JPH0680592B2 - Electrolyte matrix for molten carbonate fuel cell - Google Patents

Description

Description: TECHNICAL FIELD OF THE INVENTION The present invention relates to improvement of an electrolyte matrix of a fuel cell using a molten carbonate as an electrolyte.

[Technical background of the invention and its problems]

2. Description of the Related Art Conventionally, there is widely known a fuel cell in which a DC power is obtained by reacting a gas such as hydrogen which is easily oxidized with a gas having an oxidizing power such as oxygen through an electrochemical reaction process. This fuel cell is roughly classified into a phosphoric acid type, a molten carbonate type, a solid electrolyte type, etc. depending on the electrolyte used.

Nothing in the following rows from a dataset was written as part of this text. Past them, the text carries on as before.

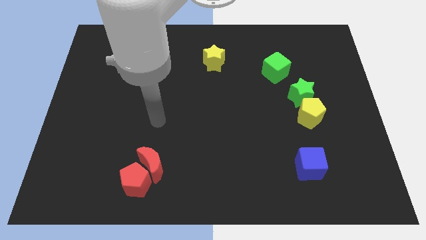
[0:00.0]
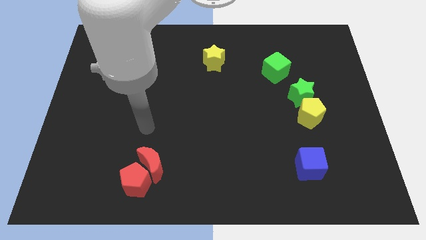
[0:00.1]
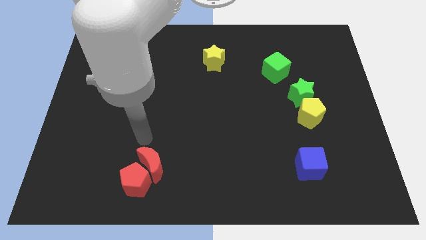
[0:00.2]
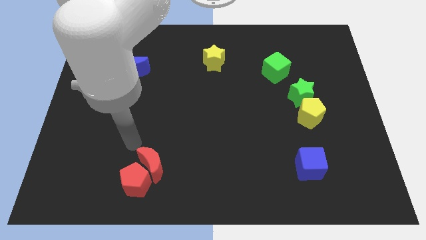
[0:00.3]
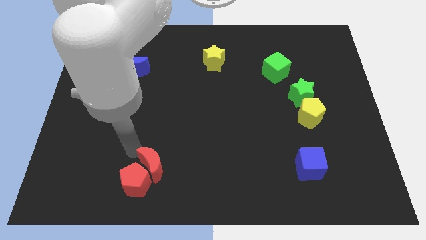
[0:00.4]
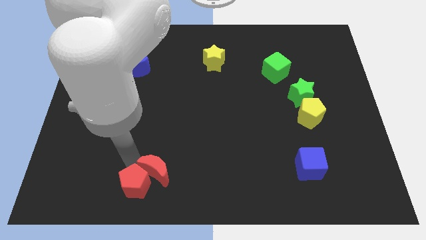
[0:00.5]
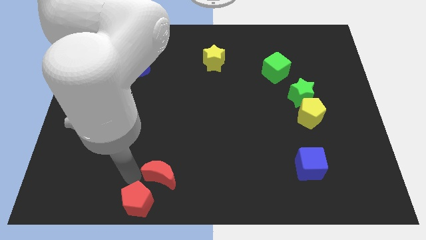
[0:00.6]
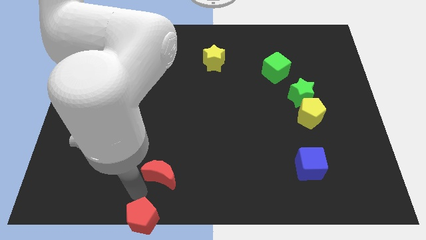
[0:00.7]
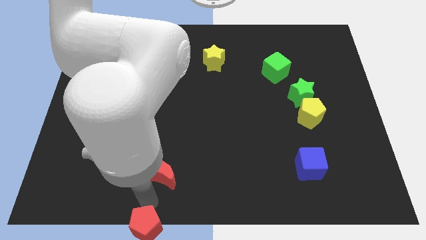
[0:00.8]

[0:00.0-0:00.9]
pull the red moon apart from the red pentagon

By the way, among the fuel cells as described above, the molten carbonate type fuel cell is designed to be operated at a temperature around 650 ° C., and its main part is usually a carbonate such as lithium carbonate or potassium carbonate. A unit battery is constructed by abutting gas diffusion electrodes such as nickel alloys on both sides of an electrolyte matrix formed by integrating a salt electrolyte and a ceramic-based holding material such as lithium aluminate in a flat plate shape. It is configured as a laminated body in which a bipolar separator is interposed between the individual pieces.

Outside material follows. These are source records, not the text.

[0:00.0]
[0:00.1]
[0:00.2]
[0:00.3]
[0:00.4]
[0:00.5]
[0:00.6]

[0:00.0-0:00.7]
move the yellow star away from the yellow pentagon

However, in the conventional electrolyte matrix configured as described above, the difference in the coefficient of thermal expansion between the electrolyte holding material and the electrolyte in the solid state below the melting temperature and the coefficient of thermal expansion between the electrolyte matrix, the electrode, and the cell housing. Due to the difference,
When a heat cycle was applied, penetration cracking often occurred in the electrolyte matrix when the temperature was lowered.

Therefore, in order to eliminate such a problem, it has been considered to mix kanthal wire, alumina (Al ₂ O ₃ ) fiber or the like as a reinforcing fiber to improve the strength up to a through crack.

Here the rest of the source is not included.